If the solution to a problem is easy to check for theory of computation michael sipser solutions pdf, is the problem easy to solve? 1,000,000 prize for the first correct solution.
For some questions, there is no known way to find an answer quickly, but if one is provided with information showing what the answer is, it is possible to verify the answer quickly. Given a partially filled-in Sudoku grid, of any size, is there at least one legal solution? Thousands of other problems seem similar, fast to check but slow to solve. Decades of searching have not yielded a fast solution to any of these problems, so most scientists suspect that none of these problems can be solved quickly.

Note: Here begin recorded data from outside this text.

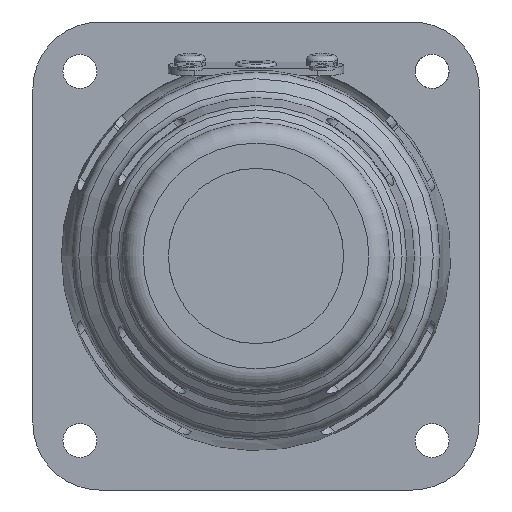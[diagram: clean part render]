
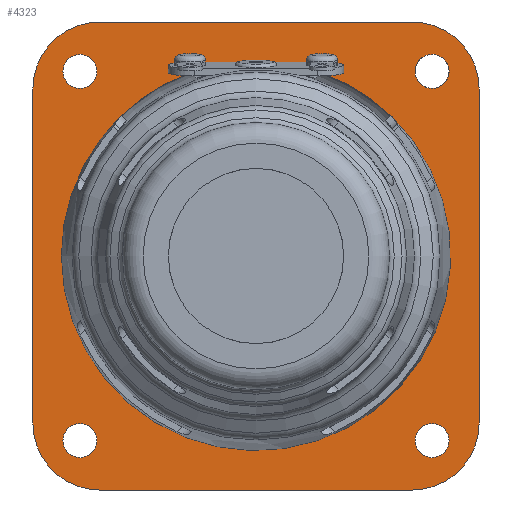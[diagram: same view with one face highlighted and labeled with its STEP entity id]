
A CAD part, front view. The second image highlights one B-rep face of the part: STEP entity #4323.
In plain terms, the highlighted planar face has unit normal (0, -1, 0).
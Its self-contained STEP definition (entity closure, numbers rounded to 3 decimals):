
#172=FACE_BOUND('',#915,.T.);
#173=FACE_BOUND('',#916,.T.);
#174=FACE_BOUND('',#917,.T.);
#175=FACE_BOUND('',#918,.T.);
#176=FACE_BOUND('',#919,.T.);
#431=PLANE('',#4722);
#608=FACE_OUTER_BOUND('',#914,.T.);
#914=EDGE_LOOP('',(#3313,#3314,#3315,#3316,#3317,#3318,#3319,#3320));
#915=EDGE_LOOP('',(#3321));
#916=EDGE_LOOP('',(#3322));
#917=EDGE_LOOP('',(#3323));
#918=EDGE_LOOP('',(#3324));
#919=EDGE_LOOP('',(#3325,#3326,#3327,#3328));
#1077=LINE('',#6009,#1252);
#1088=LINE('',#6040,#1263);
#1098=LINE('',#6067,#1273);
#1162=LINE('',#7919,#1337);
#1252=VECTOR('',#4922,30.3);
#1263=VECTOR('',#4949,32.4);
#1273=VECTOR('',#4971,30.3);
#1337=VECTOR('',#5573,32.4);
#1558=CIRCLE('',#4706,18.875);
#1567=CIRCLE('',#4723,6.5);
#1568=CIRCLE('',#4724,6.5);
#1569=CIRCLE('',#4725,6.5);
#1570=CIRCLE('',#4726,6.5);
#1571=CIRCLE('',#4727,1.65);
#1572=CIRCLE('',#4728,1.65);
#1573=CIRCLE('',#4729,1.65);
#1574=CIRCLE('',#4730,1.65);
#1575=CIRCLE('',#4731,18.875);
#1576=CIRCLE('',#4732,18.875);
#1577=CIRCLE('',#4733,18.875);
#1639=VERTEX_POINT('',#6006);
#1640=VERTEX_POINT('',#6008);
#1651=VERTEX_POINT('',#6037);
#1652=VERTEX_POINT('',#6039);
#1662=VERTEX_POINT('',#6064);
#1663=VERTEX_POINT('',#6066);
#1881=VERTEX_POINT('',#7563);
#1882=VERTEX_POINT('',#7574);
#1920=VERTEX_POINT('',#7864);
#1927=VERTEX_POINT('',#7916);
#1928=VERTEX_POINT('',#7918);
#1929=VERTEX_POINT('',#7923);
#1930=VERTEX_POINT('',#7925);
#1931=VERTEX_POINT('',#7927);
#1932=VERTEX_POINT('',#7929);
#1933=VERTEX_POINT('',#7931);
#2076=EDGE_CURVE('',#1639,#1640,#1077,.T.);
#2091=EDGE_CURVE('',#1651,#1652,#1088,.T.);
#2104=EDGE_CURVE('',#1662,#1663,#1098,.T.);
#2392=EDGE_CURVE('',#1881,#1882,#1558,.T.);
#2445=EDGE_CURVE('',#1927,#1639,#1567,.T.);
#2446=EDGE_CURVE('',#1928,#1927,#1162,.T.);
#2447=EDGE_CURVE('',#1663,#1928,#1568,.T.);
#2448=EDGE_CURVE('',#1652,#1662,#1569,.T.);
#2449=EDGE_CURVE('',#1640,#1651,#1570,.T.);
#2450=EDGE_CURVE('',#1929,#1929,#1571,.T.);
#2451=EDGE_CURVE('',#1930,#1930,#1572,.T.);
#2452=EDGE_CURVE('',#1931,#1931,#1573,.T.);
#2453=EDGE_CURVE('',#1932,#1932,#1574,.T.);
#2454=EDGE_CURVE('',#1933,#1881,#1575,.T.);
#2455=EDGE_CURVE('',#1920,#1933,#1576,.T.);
#2456=EDGE_CURVE('',#1882,#1920,#1577,.T.);
#3313=ORIENTED_EDGE('',*,*,#2076,.F.);
#3314=ORIENTED_EDGE('',*,*,#2445,.F.);
#3315=ORIENTED_EDGE('',*,*,#2446,.F.);
#3316=ORIENTED_EDGE('',*,*,#2447,.F.);
#3317=ORIENTED_EDGE('',*,*,#2104,.F.);
#3318=ORIENTED_EDGE('',*,*,#2448,.F.);
#3319=ORIENTED_EDGE('',*,*,#2091,.F.);
#3320=ORIENTED_EDGE('',*,*,#2449,.F.);
#3321=ORIENTED_EDGE('',*,*,#2450,.T.);
#3322=ORIENTED_EDGE('',*,*,#2451,.T.);
#3323=ORIENTED_EDGE('',*,*,#2452,.T.);
#3324=ORIENTED_EDGE('',*,*,#2453,.T.);
#3325=ORIENTED_EDGE('',*,*,#2392,.F.);
#3326=ORIENTED_EDGE('',*,*,#2454,.F.);
#3327=ORIENTED_EDGE('',*,*,#2455,.F.);
#3328=ORIENTED_EDGE('',*,*,#2456,.F.);
#4323=ADVANCED_FACE('',(#608,#172,#173,#174,#175,#176),#431,.T.);
#4706=AXIS2_PLACEMENT_3D('',#7575,#5526,#5527);
#4722=AXIS2_PLACEMENT_3D('',#7915,#5569,#5570);
#4723=AXIS2_PLACEMENT_3D('',#7917,#5571,#5572);
#4724=AXIS2_PLACEMENT_3D('',#7920,#5574,#5575);
#4725=AXIS2_PLACEMENT_3D('',#7921,#5576,#5577);
#4726=AXIS2_PLACEMENT_3D('',#7922,#5578,#5579);
#4727=AXIS2_PLACEMENT_3D('',#7924,#5580,#5581);
#4728=AXIS2_PLACEMENT_3D('',#7926,#5582,#5583);
#4729=AXIS2_PLACEMENT_3D('',#7928,#5584,#5585);
#4730=AXIS2_PLACEMENT_3D('',#7930,#5586,#5587);
#4731=AXIS2_PLACEMENT_3D('',#7932,#5588,#5589);
#4732=AXIS2_PLACEMENT_3D('',#7933,#5590,#5591);
#4733=AXIS2_PLACEMENT_3D('',#7934,#5592,#5593);
#4922=DIRECTION('',(1.,0.,0.));
#4949=DIRECTION('',(0.,0.,-1.));
#4971=DIRECTION('',(-1.,0.,0.));
#5526=DIRECTION('center_axis',(0.,-1.,0.));
#5527=DIRECTION('ref_axis',(1.,0.,0.));
#5569=DIRECTION('center_axis',(0.,-1.,0.));
#5570=DIRECTION('ref_axis',(0.,0.,-1.));
#5571=DIRECTION('center_axis',(0.,1.,0.));
#5572=DIRECTION('ref_axis',(-1.,0.,0.));
#5573=DIRECTION('',(0.,0.,1.));
#5574=DIRECTION('center_axis',(0.,1.,0.));
#5575=DIRECTION('ref_axis',(0.,0.,-1.));
#5576=DIRECTION('center_axis',(0.,1.,0.));
#5577=DIRECTION('ref_axis',(1.,0.,0.));
#5578=DIRECTION('center_axis',(0.,1.,0.));
#5579=DIRECTION('ref_axis',(0.,0.,1.));
#5580=DIRECTION('center_axis',(0.,1.,0.));
#5581=DIRECTION('ref_axis',(-1.,0.,0.));
#5582=DIRECTION('center_axis',(0.,1.,0.));
#5583=DIRECTION('ref_axis',(-1.,0.,0.));
#5584=DIRECTION('center_axis',(0.,1.,0.));
#5585=DIRECTION('ref_axis',(-1.,0.,0.));
#5586=DIRECTION('center_axis',(0.,1.,0.));
#5587=DIRECTION('ref_axis',(-1.,0.,0.));
#5588=DIRECTION('center_axis',(0.,-1.,0.));
#5589=DIRECTION('ref_axis',(1.,0.,0.));
#5590=DIRECTION('center_axis',(0.,-1.,0.));
#5591=DIRECTION('ref_axis',(1.,0.,0.));
#5592=DIRECTION('center_axis',(0.,-1.,0.));
#5593=DIRECTION('ref_axis',(1.,0.,0.));
#6006=CARTESIAN_POINT('',(-15.15,14.1,22.7));
#6008=CARTESIAN_POINT('',(15.15,14.1,22.7));
#6009=CARTESIAN_POINT('',(0.,14.1,22.7));
#6037=CARTESIAN_POINT('',(21.65,14.1,16.2));
#6039=CARTESIAN_POINT('',(21.65,14.1,-16.2));
#6040=CARTESIAN_POINT('',(21.65,14.1,16.2));
#6064=CARTESIAN_POINT('',(15.15,14.1,-22.7));
#6066=CARTESIAN_POINT('',(-15.15,14.1,-22.7));
#6067=CARTESIAN_POINT('',(15.15,14.1,-22.7));
#7563=CARTESIAN_POINT('',(-13.079,14.1,13.609));
#7574=CARTESIAN_POINT('',(13.079,14.1,13.609));
#7575=CARTESIAN_POINT('Origin',(0.,14.1,0.));
#7864=CARTESIAN_POINT('',(6.275,14.1,17.801));
#7915=CARTESIAN_POINT('Origin',(0.,14.1,0.));
#7916=CARTESIAN_POINT('',(-21.65,14.1,16.2));
#7917=CARTESIAN_POINT('Origin',(-15.15,14.1,16.2));
#7918=CARTESIAN_POINT('',(-21.65,14.1,-16.2));
#7919=CARTESIAN_POINT('',(-21.65,14.1,-16.2));
#7920=CARTESIAN_POINT('Origin',(-15.15,14.1,-16.2));
#7921=CARTESIAN_POINT('Origin',(15.15,14.1,-16.2));
#7922=CARTESIAN_POINT('Origin',(15.15,14.1,16.2));
#7923=CARTESIAN_POINT('',(16.073,14.1,16.603));
#7924=CARTESIAN_POINT('Origin',(17.081,14.1,17.909));
#7925=CARTESIAN_POINT('',(18.731,14.1,-17.909));
#7926=CARTESIAN_POINT('Origin',(17.081,14.1,-17.909));
#7927=CARTESIAN_POINT('',(-15.431,14.1,-17.909));
#7928=CARTESIAN_POINT('Origin',(-17.081,14.1,-17.909));
#7929=CARTESIAN_POINT('',(-15.431,14.1,17.909));
#7930=CARTESIAN_POINT('Origin',(-17.081,14.1,17.909));
#7931=CARTESIAN_POINT('',(-6.275,14.1,17.801));
#7932=CARTESIAN_POINT('Origin',(0.,14.1,0.));
#7933=CARTESIAN_POINT('Origin',(0.,14.1,0.));
#7934=CARTESIAN_POINT('Origin',(0.,14.1,0.));

However, this has never been proven. Sudoku, can also be solved in polynomial time. 1971, there were previous inklings of the problems involved, the difficulty of proof, and the potential consequences. In 1955, mathematician John Nash wrote a letter to the NSA, where he speculated that cracking a sufficiently complex code would require time exponential in the length of the key. In such analysis, a model of the computer for which time must be analyzed is required. In 2012, 10 years later, the same poll was repeated. Boolean satisfiability problem in polynomial time.
M guaranteed to halt in polynomial time, does there exist a polynomial-size input that M will accept? M that takes the solution to be verified as input. Then the question of whether the instance is a yes or no instance is determined by whether a valid input exists. So a polynomial time solution to Sudoku leads, by a series of mechanical transformations, to a polynomial time solution of satisfiability, which in turn can be used to solve any other NP-complete problem in polynomial time. Using transformations like this, a vast class of seemingly unrelated problems are all reducible to one another, and are in a sense “the same problem”.
Hence, the problem is known to need more than exponential run time. It is also possible to consider questions other than decision problems. How many solutions are there? For these problems, it’s very easy to tell whether solutions exist, but thought to be very hard to tell how many. First, it is not always true in practice. A theoretical polynomial algorithm may have extremely large constant factors or exponents thus rendering it impractical. It is also intuitively argued that the existence of problems that are hard to solve but for which the solutions are easy to verify matches real-world experience.